There are several tools you can use for automatically chaos engineering your cluster. Here are a few options :
Kube-monkey is an implementation of Netflix’s Chaos Monkey for Kubernetes clusters. It randomly deletes Kubernetes pods in the cluster encouraging and validating the development of failure-resilient services.
kube-monkey runs at a pre-configured hour on weekdays, and builds a schedule of deployments that will face a random Pod death sometime during the same day. It works on an opt-in model and will only schedule terminations for Kubernetes apps that have explicitly agreed to have their pods terminated by kube-monkey ,it is done by setting the following labels on a k8s app:
- kube-monkey/enabled: Set this app to have their pods terminated by kube-monkey
- kube-monkey/mtbf: Mean time between failure (in days).
- kube-monkey/identifier: A unique identifier for the apps. This is used to identify the pods that belong to a kubernetes app as Pods inherit labels from their k8s app. So, if kube-monkey detects that app foo has enrolled to be a victim, kube-monkey will look for all pods that have the label to determine which pods are candidates for killing.

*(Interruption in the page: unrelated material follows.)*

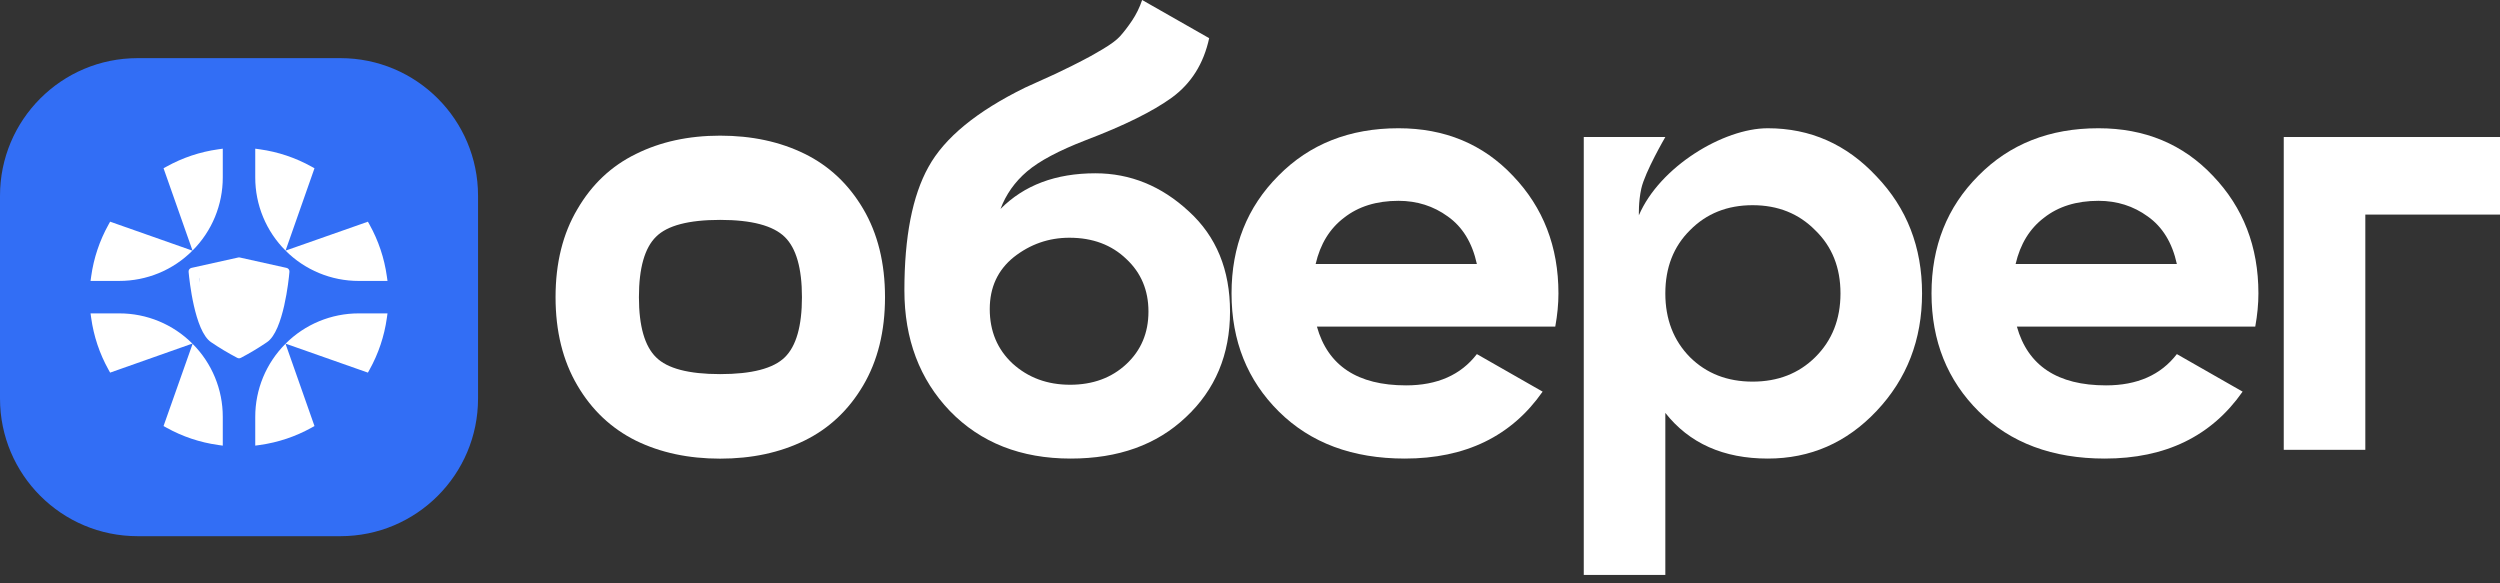 <?xml version="1.0" encoding="UTF-8"?> <svg xmlns="http://www.w3.org/2000/svg" width="180" height="42" viewBox="0 0 180 42" fill="none"><rect x="0" y="0" width="180" height="42" fill="#333333" stroke="none"/><g clip-path="url(#clip0_16_1878)"><path d="M77.09 33.017C73.508 33.017 70.61 31.876 68.394 29.594C66.209 27.312 65.116 24.414 65.116 20.9C65.116 17.057 65.693 14.099 66.846 12.027C67.999 9.925 70.321 8.018 73.812 6.306C74.328 6.066 75.056 5.736 75.997 5.315C76.938 4.865 77.575 4.549 77.909 4.369C78.273 4.189 78.759 3.919 79.366 3.558C79.973 3.198 80.398 2.883 80.641 2.613C80.914 2.312 81.202 1.937 81.506 1.486C81.809 1.036 82.052 0.541 82.234 0L87.06 2.748C86.665 4.579 85.77 6.006 84.374 7.027C83.008 8.018 80.944 9.039 78.182 10.09C76.24 10.841 74.828 11.591 73.948 12.342C73.068 13.093 72.431 13.994 72.036 15.045C73.736 13.333 76.012 12.477 78.865 12.477C81.384 12.477 83.63 13.393 85.603 15.225C87.576 17.027 88.562 19.429 88.562 22.432C88.562 25.525 87.5 28.062 85.375 30.044C83.281 32.026 80.519 33.017 77.09 33.017ZM72.901 26.171C74.024 27.192 75.405 27.702 77.044 27.702C78.683 27.702 80.034 27.206 81.096 26.216C82.158 25.225 82.689 23.963 82.689 22.432C82.689 20.9 82.158 19.639 81.096 18.648C80.034 17.627 78.668 17.117 76.999 17.117C75.511 17.117 74.176 17.582 72.992 18.513C71.839 19.444 71.262 20.69 71.262 22.252C71.262 23.843 71.808 25.149 72.901 26.171Z" fill="white"></path><path d="M94.817 23.513C95.606 26.336 97.746 27.747 101.236 27.747C103.482 27.747 105.181 26.996 106.335 25.495L111.069 28.198C108.824 31.411 105.515 33.017 101.145 33.017C97.381 33.017 94.361 31.891 92.085 29.639C89.809 27.387 88.671 24.549 88.671 21.126C88.671 17.732 89.794 14.909 92.04 12.657C94.285 10.375 97.169 9.234 100.69 9.234C104.028 9.234 106.775 10.375 108.93 12.657C111.115 14.94 112.208 17.762 112.208 21.126C112.208 21.876 112.132 22.672 111.98 23.513H94.817ZM94.726 19.009H106.335C106.001 17.477 105.303 16.336 104.241 15.585C103.209 14.835 102.025 14.459 100.69 14.459C99.111 14.459 97.806 14.864 96.774 15.675C95.742 16.456 95.059 17.567 94.726 19.009Z" fill="white"></path><path d="M127.279 9.234C130.345 9.234 132.955 10.39 135.11 12.702C137.295 14.985 138.388 17.792 138.388 21.126C138.388 24.459 137.295 27.282 135.11 29.594C132.955 31.876 130.345 33.017 127.279 33.017C124.092 33.017 121.634 31.921 119.904 29.729V41.395H114.031V9.865H119.904C119.904 9.865 118.443 12.369 118.174 13.575C117.961 14.528 118 15.5 118 15.5C119.5 12 124.092 9.234 127.279 9.234ZM121.68 25.72C122.863 26.891 124.366 27.477 126.187 27.477C128.008 27.477 129.51 26.891 130.694 25.72C131.908 24.519 132.515 22.987 132.515 21.126C132.515 19.264 131.908 17.747 130.694 16.576C129.51 15.375 128.008 14.774 126.187 14.774C124.366 14.774 122.863 15.375 121.68 16.576C120.496 17.747 119.904 19.264 119.904 21.126C119.904 22.987 120.496 24.519 121.68 25.72Z" fill="white"></path><path d="M145.215 23.513C146.005 26.336 148.144 27.747 151.635 27.747C153.881 27.747 155.58 26.996 156.734 25.495L161.468 28.198C159.222 31.411 155.914 33.017 151.544 33.017C147.78 33.017 144.76 31.891 142.484 29.639C140.208 27.387 139.069 24.549 139.069 21.126C139.069 17.732 140.192 14.909 142.438 12.657C144.684 10.375 147.568 9.234 151.088 9.234C154.427 9.234 157.174 10.375 159.329 12.657C161.514 14.94 162.606 17.762 162.606 21.126C162.606 21.876 162.531 22.672 162.379 23.513H145.215ZM145.124 19.009H156.734C156.4 17.477 155.702 16.336 154.639 15.585C153.607 14.835 152.424 14.459 151.088 14.459C149.51 14.459 148.205 14.864 147.173 15.675C146.141 16.456 145.458 17.567 145.124 19.009Z" fill="white"></path><path d="M180 9.865V15.45H170.303V32.387H164.43V9.865H180Z" fill="white"></path><path d="M62.147 15.034C63.196 16.812 63.721 18.933 63.721 21.395C63.721 23.858 63.196 25.978 62.147 27.756C61.098 29.535 59.689 30.857 57.92 31.724C56.151 32.59 54.128 33.023 51.849 33.023C49.571 33.023 47.547 32.59 45.779 31.724C44.01 30.842 42.608 29.52 41.574 27.756C40.525 25.978 40 23.858 40 21.395C40 18.933 40.525 16.82 41.574 15.057C42.608 13.279 44.01 11.956 45.779 11.09C47.547 10.208 49.571 9.767 51.849 9.767C54.128 9.767 56.151 10.201 57.92 11.067C59.689 11.933 61.098 13.256 62.147 15.034ZM56.504 25.727C57.328 24.922 57.74 23.478 57.74 21.395C57.74 19.313 57.328 17.869 56.504 17.063C55.664 16.242 54.113 15.832 51.849 15.832C49.586 15.832 48.049 16.235 47.24 17.041C46.416 17.846 46.003 19.298 46.003 21.395C46.003 23.478 46.416 24.922 47.24 25.727C48.049 26.533 49.586 26.936 51.849 26.936C54.128 26.936 55.679 26.533 56.504 25.727Z" fill="white"></path><path d="M24.51 4.186H9.908C4.436 4.186 0 8.622 0 14.094V28.696C0 34.169 4.436 38.605 9.908 38.605H24.51C29.983 38.605 34.419 34.169 34.419 28.696V14.094C34.419 8.622 29.983 4.186 24.51 4.186Z" fill="#326EF5"></path><path d="M20.555 24.74L20.563 24.743L20.558 24.749L20.555 24.74ZM18.378 32.085L18.714 32.038C20.02 31.856 21.28 31.433 22.433 30.792L22.643 30.675L20.558 24.749C19.866 25.44 19.317 26.26 18.942 27.163C18.569 28.067 18.377 29.035 18.378 30.013L18.378 32.085ZM20.563 24.743L26.489 26.829L26.606 26.619C27.248 25.466 27.67 24.205 27.853 22.899L27.9 22.564L25.827 22.564C24.85 22.563 23.881 22.755 22.978 23.129C22.075 23.503 21.254 24.051 20.563 24.743ZM6.519 22.564L6.566 22.899C6.748 24.206 7.17 25.467 7.812 26.619L7.929 26.829L13.85 24.738C13.159 24.048 12.339 23.5 11.437 23.127C10.535 22.754 9.568 22.563 8.591 22.564H6.519ZM11.775 30.675L11.986 30.792C13.138 31.434 14.399 31.856 15.705 32.038L16.04 32.086V30.013C16.042 29.037 15.85 28.07 15.477 27.168C15.104 26.265 14.557 25.445 13.867 24.755L11.775 30.675ZM13.85 24.738L13.867 24.755L13.877 24.729L13.85 24.738ZM25.827 20.227H27.9L27.853 19.891C27.67 18.585 27.248 17.324 26.606 16.172L26.489 15.962L20.56 18.045C21.251 18.738 22.072 19.287 22.976 19.661C23.88 20.036 24.849 20.228 25.827 20.227ZM22.433 11.998C21.28 11.357 20.02 10.934 18.714 10.752L18.378 10.705L18.378 12.777C18.377 13.756 18.569 14.725 18.944 15.629C19.318 16.533 19.867 17.354 20.56 18.045L22.643 12.116L22.433 11.998ZM13.861 18.041L13.855 18.047L13.864 18.05L13.861 18.041ZM16.04 10.705L15.705 10.752C14.399 10.934 13.138 11.357 11.986 11.998L11.775 12.115L13.861 18.041C14.553 17.351 15.102 16.53 15.476 15.626C15.849 14.723 16.041 13.755 16.04 12.777L16.04 10.705ZM13.855 18.047L7.929 15.961L7.812 16.172C7.17 17.324 6.748 18.585 6.566 19.891L6.519 20.226H8.591C9.569 20.227 10.537 20.035 11.441 19.662C12.344 19.288 13.165 18.739 13.855 18.047Z" fill="white"></path><path d="M17.325 25.772C17.253 25.807 17.167 25.807 17.095 25.77L17.048 25.747C16.411 25.412 15.793 25.042 15.198 24.637C14.002 23.839 13.628 20.082 13.588 19.656L13.579 19.567C13.568 19.436 13.655 19.317 13.783 19.289L17.153 18.54C17.191 18.531 17.229 18.531 17.266 18.54L20.637 19.289C20.764 19.317 20.851 19.436 20.84 19.566L20.832 19.656C20.793 20.082 20.419 23.839 19.223 24.637C18.628 25.042 18.009 25.414 17.372 25.749L17.325 25.772ZM14.571 19.856C14.441 19.885 14.354 20.007 14.37 20.139C14.556 21.619 14.993 23.629 15.6 24.034C16.26 24.474 16.783 24.778 17.087 24.945C17.163 24.988 17.256 24.988 17.333 24.945C17.636 24.778 18.162 24.474 18.82 24.034C19.426 23.629 19.863 21.619 20.049 20.139C20.066 20.007 19.978 19.885 19.848 19.856L17.266 19.282C17.229 19.274 17.191 19.274 17.153 19.282L14.571 19.856Z" fill="white"></path><path d="M17.209 18.983L14.357 19.668V22.634L15.498 24.345L17.209 25.258L19.263 24.003L19.833 22.406L20.289 19.782L17.209 18.983Z" fill="white"></path></g><defs><clipPath id="clip0_16_1878"><rect width="180" height="42" fill="white"></rect></clipPath></defs></svg>

kube-monkey/kill-mode: Default behavior is for kube-monkey to kill only ONE pod of your app. You can override this behavior by setting the value to:
- “kill-all if you want kube-monkey to kill ALL of your pods regardless of status. Does not require kill-value.
- fixed if you want to kill a specific number of running pods with kill-value.
- random-max-percent to specify a maximum percentage with kill-value that can be killed.
- fixed-percent to specify a fixed percentage with kill-value that can be killed.
kube-monkey/kill-value: Specify value for kill-mode
- fixed, provide an integer of pods to kill
- random-max-percent, provide a number from 0-100 to specify the max % of pods kube-monkey can kill
- fixed-percent, provide a number from 0-100 to specify the % of pods to kill
For the installation you have two choices :
Manually : First you must create the configMap in the namespace you intend to run kube-monkey in. Make sure to define the keyname as config.toml. Next run kube-monkey as a kubernetes app within the Kubernetes cluster, in a namespace that has permissions to kill Pods in other namespaces. You should be able to see debug logs by : kubectl logs -f deployment/kube-monkey –namespace=kube-system
Here in my example you can see the logs of my kube-monkey instance the Scheduling time is set to 04/11/2019 17:00 where will generate a list of eligible k8s apps to determine if a pod for that k8s app should be killed today:
After the Scheduling time here you can see the list of eligible app to be killed and when :
When Termination time will be done successfully your logs will be updated :
During Termination time you can run for example load testing tool like locust to ensure that shutting down hosts and containers do not affect high availability of your apps.
- Manually : You can use following manifest as an inspiration.
By default chaoskube will be friendly and not kill anything. When you validated your target cluster you may disable dry-run mode (–no-dry-run).
As you see for example in the above manifest , i set no-dry-run so it will really kill target pods that have as label chaoskube=true and are not in the kube-system namespace (–namespaces=!kube-system). You can also exclude some specific days or times . You can find all accepted flags here.
Unlike kube-monkey who can kill more than one pod in an attempt ,chaoskube will kill only one pod per attempt so to increase the amount of chaos you can increase the number of replicas of your chaoskube deployment.
In this example ,i show the flags included in my chaoskube instance :
I set the intervals to 4 minutes so every 4 minutes chaoskube will kill a target pod that did not have app=chaoskube as label does not belong to kube-system namespace …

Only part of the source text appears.